Film Friday: ‘The Great Buddha+,’ Taiwan’s award-winning dark comedy, is worth the hype

Society & Culture

Director Huang Hsin-yao’s satirical, sometimes bleak dark comedy focuses on class, political corruption, and religion in Taiwan.

 

The Great Buddha+ 大佛普拉斯 won five awards at Taiwan’s Golden Horse Awards last year, including best director and best adapted screenplay. In April, it won “Best Film from Mainland and Taiwan” at the Hong Kong Film Awards, and Taiwan submitted it as a candidate for the foreign-language category of the 2018 Oscars.

After waiting so long, I was finally able to watch the movie on Christmas, and I’m glad to report it’s well worth the hype.

Director Huang Hsin-yao 黄信尧 previously made satirical documentaries, but The Great Buddha+ is a fictional dark comedy, expanded from his 2014 short The Great Buddha. The Great Buddha+ is also satirical, focusing on class, political corruption, and religion in Taiwan. Set in a small town in the southern part of the island, the loose story follows two middle-aged men living on the edge of society. Trash collector Belly Button will take anything, from expired food to porn magazines, to scrape by, while his friend Pickle spends his mornings working in a factory and his nights as a security guard at the same place. He plays (poorly) in a funeral marching band, and uses what little money he has to take care of his elderly mother.

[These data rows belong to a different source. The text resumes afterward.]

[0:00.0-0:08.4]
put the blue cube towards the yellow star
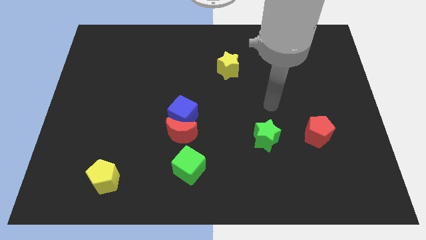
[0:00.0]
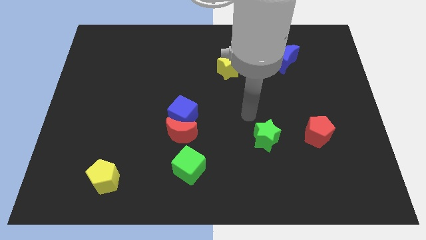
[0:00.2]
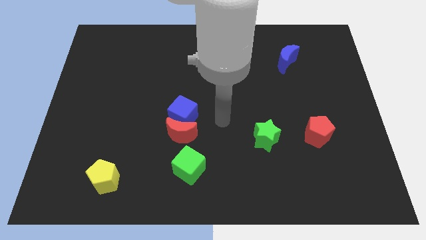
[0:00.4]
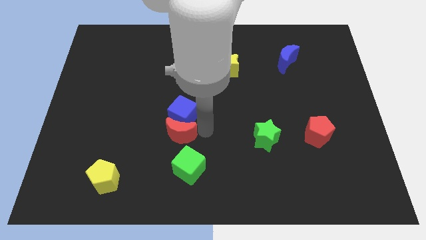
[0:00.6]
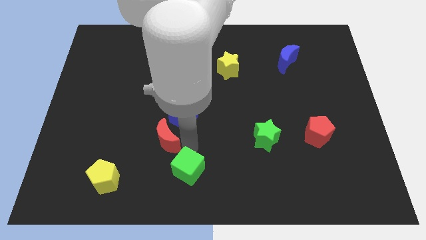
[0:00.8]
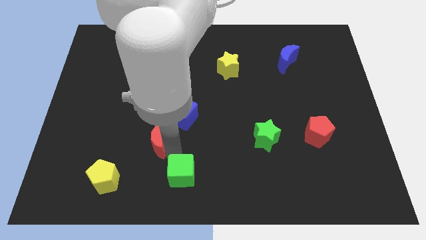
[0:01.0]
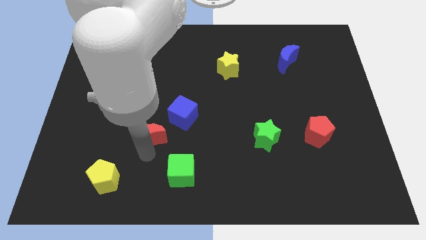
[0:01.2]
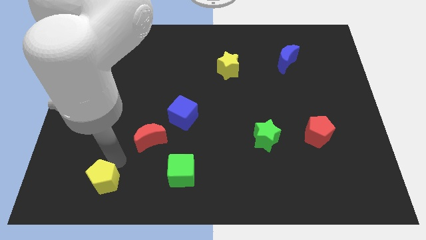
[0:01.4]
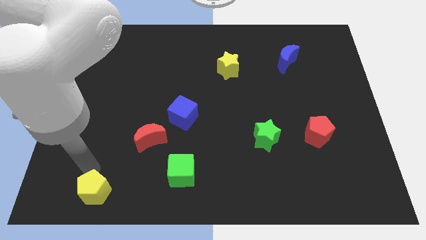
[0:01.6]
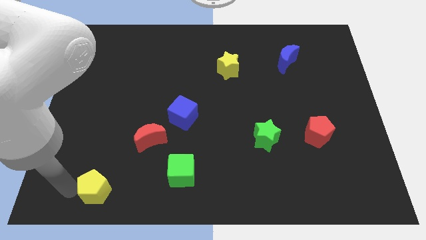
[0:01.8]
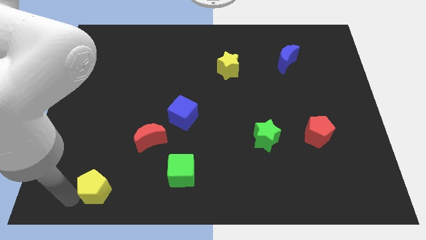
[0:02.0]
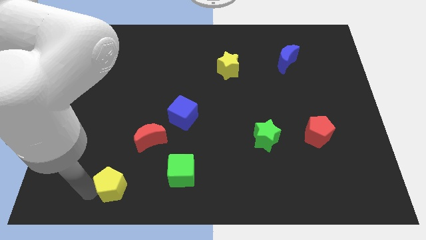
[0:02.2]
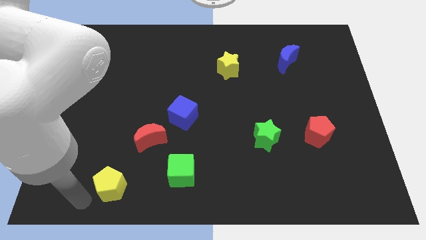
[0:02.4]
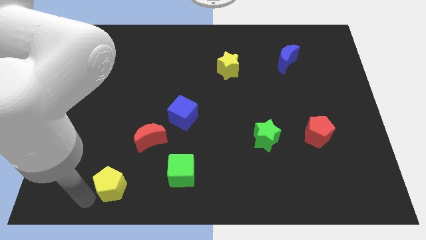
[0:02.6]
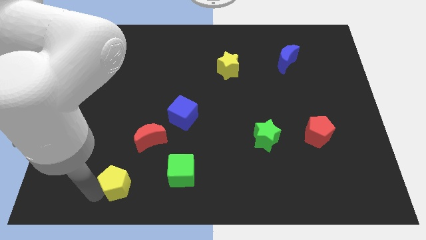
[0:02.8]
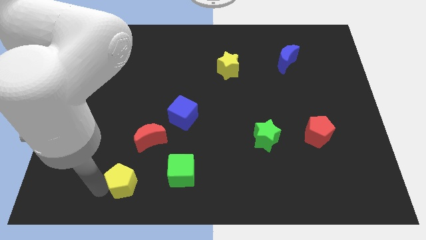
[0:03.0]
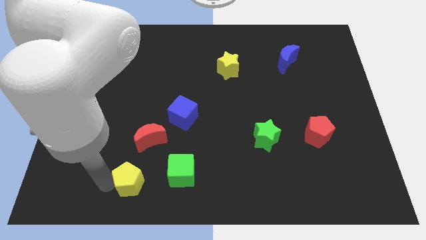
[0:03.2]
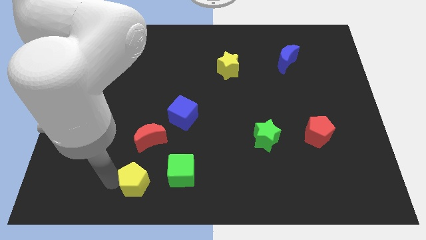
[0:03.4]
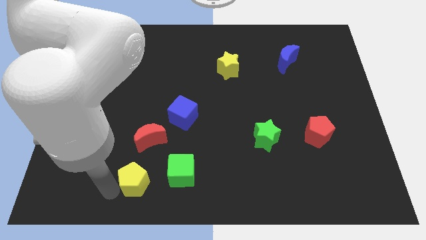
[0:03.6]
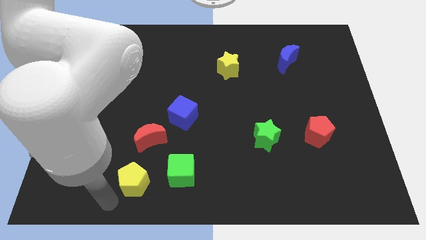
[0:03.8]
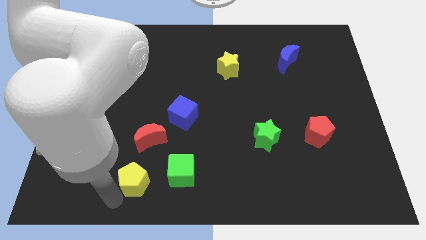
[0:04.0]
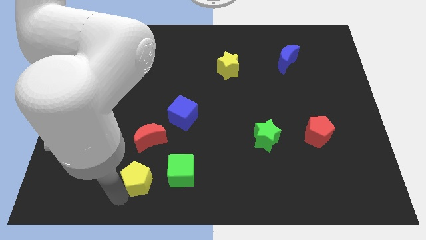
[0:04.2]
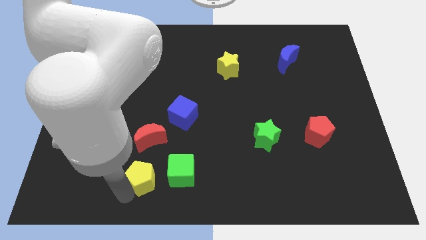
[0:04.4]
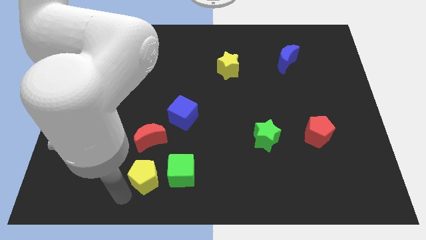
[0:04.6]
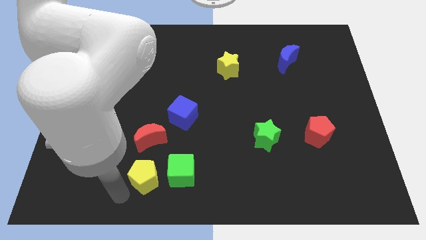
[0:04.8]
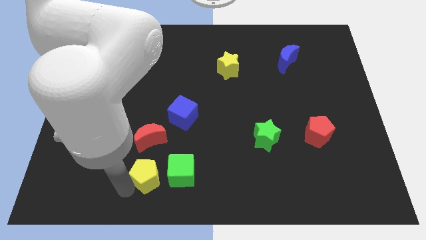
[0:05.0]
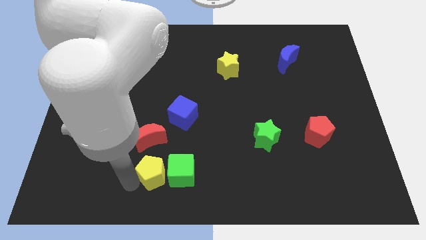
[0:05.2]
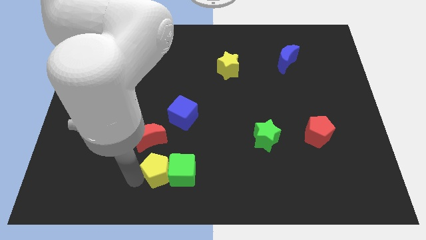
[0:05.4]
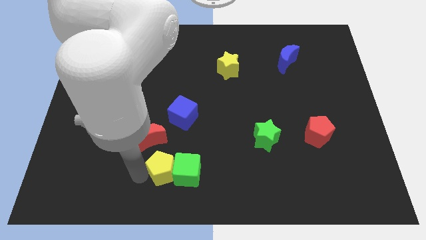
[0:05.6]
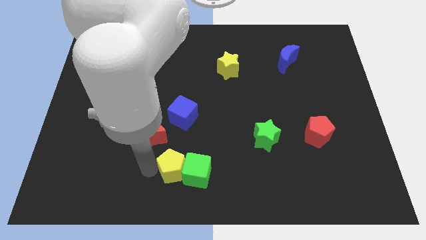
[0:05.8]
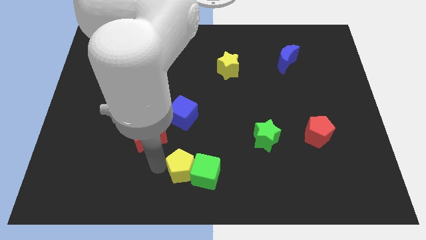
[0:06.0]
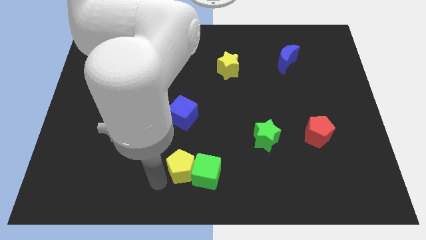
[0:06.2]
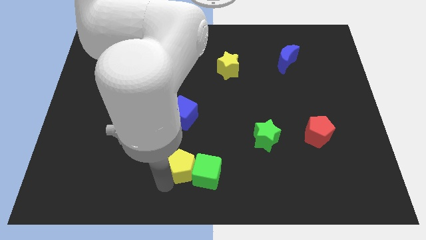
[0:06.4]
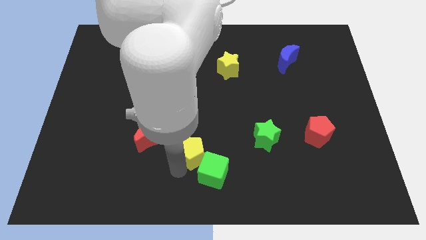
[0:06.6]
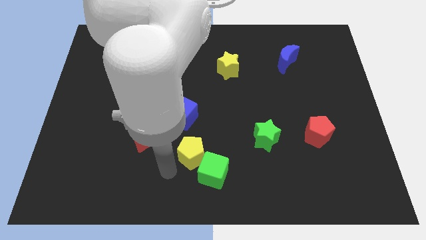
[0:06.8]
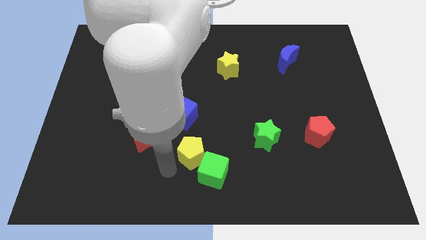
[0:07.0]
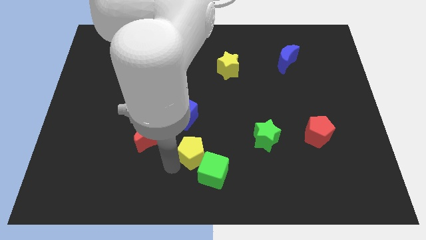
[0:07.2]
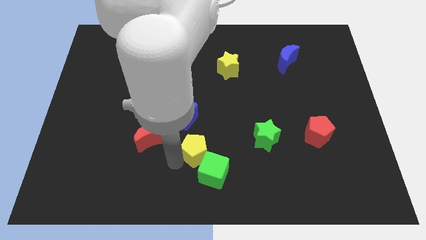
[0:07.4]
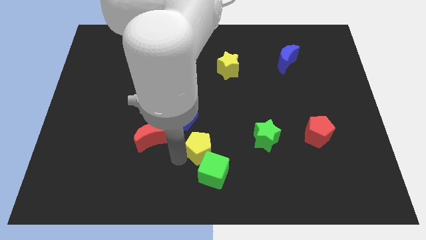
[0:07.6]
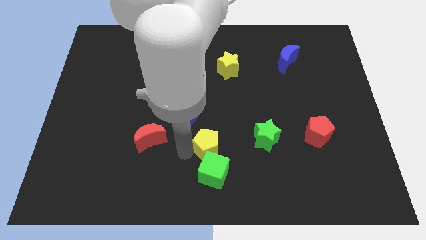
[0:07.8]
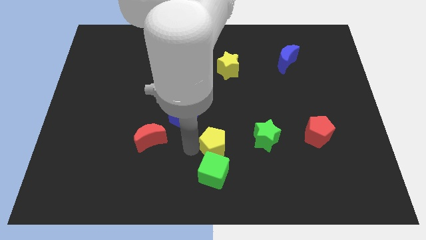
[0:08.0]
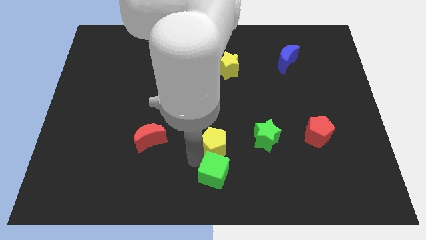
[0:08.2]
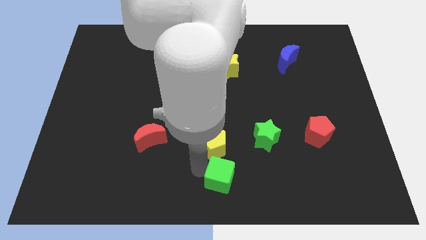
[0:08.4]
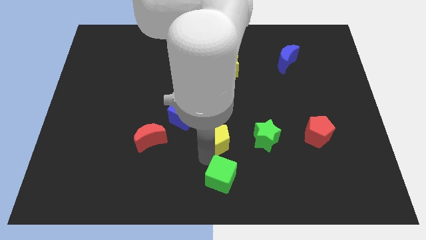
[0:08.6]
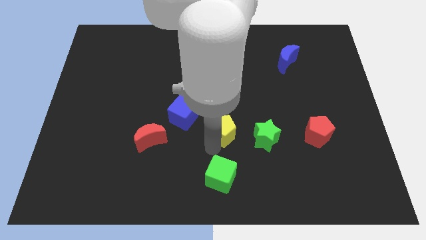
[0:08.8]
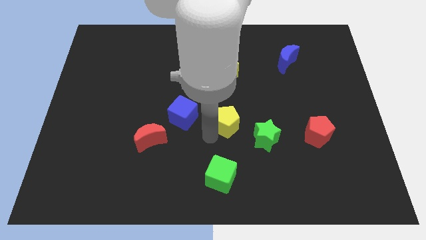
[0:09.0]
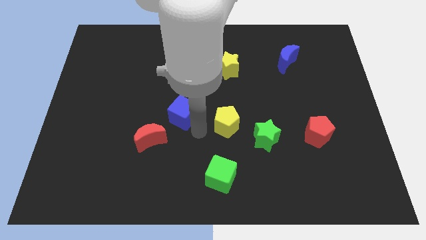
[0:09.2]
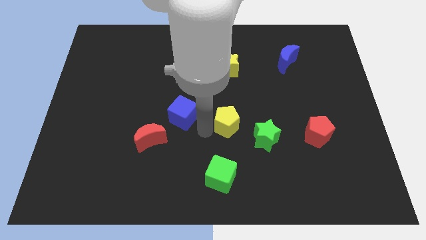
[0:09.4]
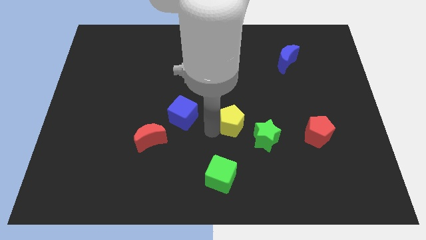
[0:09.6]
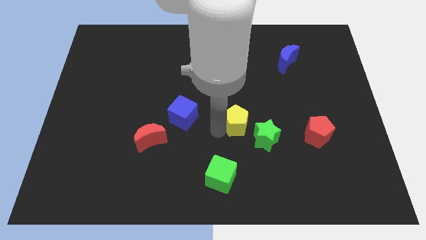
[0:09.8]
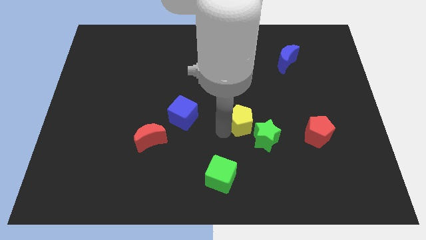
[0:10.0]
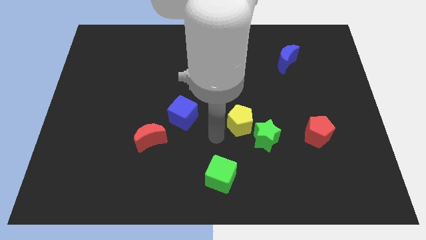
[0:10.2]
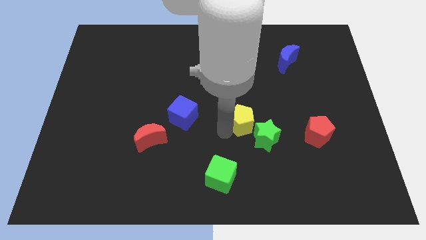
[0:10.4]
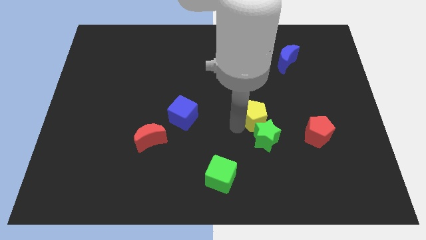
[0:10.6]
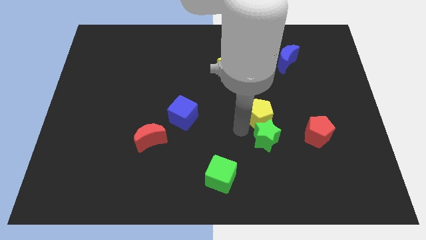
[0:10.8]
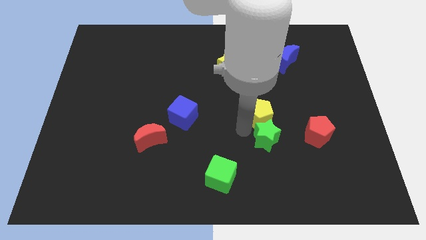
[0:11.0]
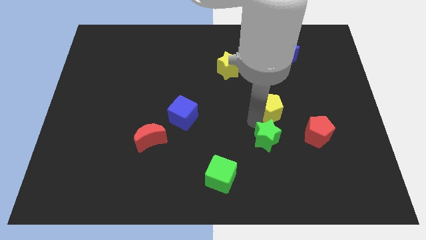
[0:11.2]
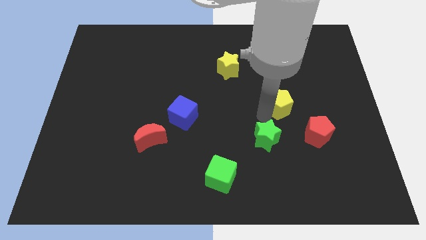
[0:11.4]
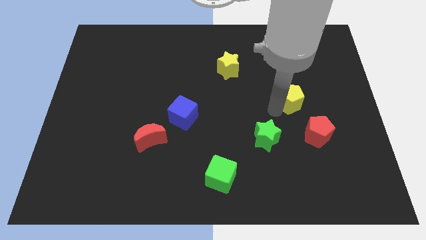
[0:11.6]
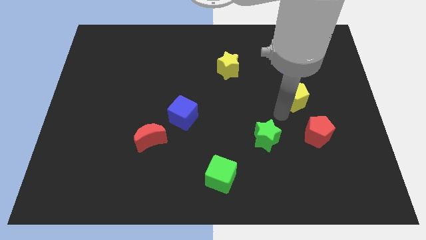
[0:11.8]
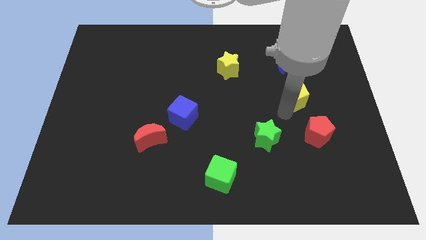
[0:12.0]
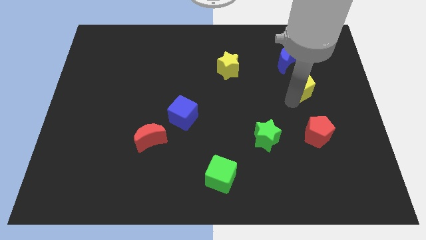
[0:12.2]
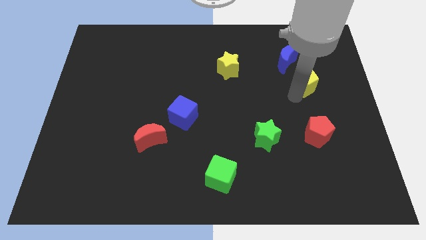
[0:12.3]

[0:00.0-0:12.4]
push the yellow pentagon to the bottom right of the blue moon

In stark contrast to these two friends is Kevin, Pickle’s mean, rich boss. Kevin is the owner of GLOBE, a factory that specializes in Buddha statues. (The movie’s title is a reference to a giant Buddha statue the factory is currently constructing.) Kevin studied abroad in the U.S., owns a Mercedes Benz, and has political connections to boot. While he tries to play a philanthropist in public, Kevin is actually a corrupt jerk. At night, when he drives his car around, his dashcam records both the road outside and the audio of the conversations he has with his much younger mistresses.

One night, when Belly Button comes to hang out with Pickle during his security guard shift, he finds that the office’s TV is broken. For some entertainment, he manages to bully Pickle into stealing the SD card from Kevin’s dashcam. There are tons of videos to pass the time, so the pair decides to listen to footage of Kevin and his mistresses talking and fooling around. It’s a rare and fun glimpse into a life they can only dream about, but things take a darker turn when they uncover a video with Kevin and a forty-something mistress who threatens to expose his corruption.

That’s the bulk of the main plot, but it takes over an hour before Belly Button and Pickle stumble on the more interesting tape. The rest of the time the movie devotes to Belly Button’s daily life and the characters he encounters. He looks through trash and gets beaten by cops. He rides motorbikes with Peanut, a bored cashier working at a convenience store that doubles as an arcade. By far, the oddest character is Sugar Apple, a quiet drifter in a turtle shirt who walks all around town. Belly Button is his only friend, yet like the rest of the town, he doesn’t really know anything about Sugar Apple. People speculate he was a sailor or criminal on the run, but all Belly Button can say for sure is that the guy can’t sleep unless he’s listening to the sound of waves at the shore.

Interestingly, the world of Belly Button and his oddball companions is shown in black-and-white, while the only color scenes are the POV shots of buildings and roads from Kevin’s dashcam. Despite its naturalistic acting and setting, the movie has a surprisingly absurdist sense of humor. Director Huang sometimes narrates over what is happening on screen, and there are several instances of characters breaking the fourth wall, too. The humor is genuinely funny, especially the banter between Belly Button and Pickle. In my personal favorite scene, Pickle takes the boys to a rundown temple devoted to Chiang Kai-shek 蒋介石. The simple and empty temple, he explains, expresses “Lord Chiang’s integrity, pure as driven snow.”

Even for a dark comedy, I found The Great Buddha+ quite bleak. Belly Button and his fellow underdogs aren’t sentimentalized; Belly Button suffers at the bottom of society, yet he finds no problem with pushing around a weaker person like Pickle. The movie treats the economic, religious, and political environments around it cynically, with an ambiguous ending. At times, the movie’s pace is slow as well, especially in the first half, before the characters discover Kevin’s most shocking tape.

Overall, however, The Great Buddha+ is a very strong movie. It might be serious in its criticism of income inequality and hypocrisy, yet the eccentric characters and humor blend into the movie’s message well enough. It’s a great contender for even more awards in the future, and I’m definitely looking forward to see what director Huang Hsin-yao will do next.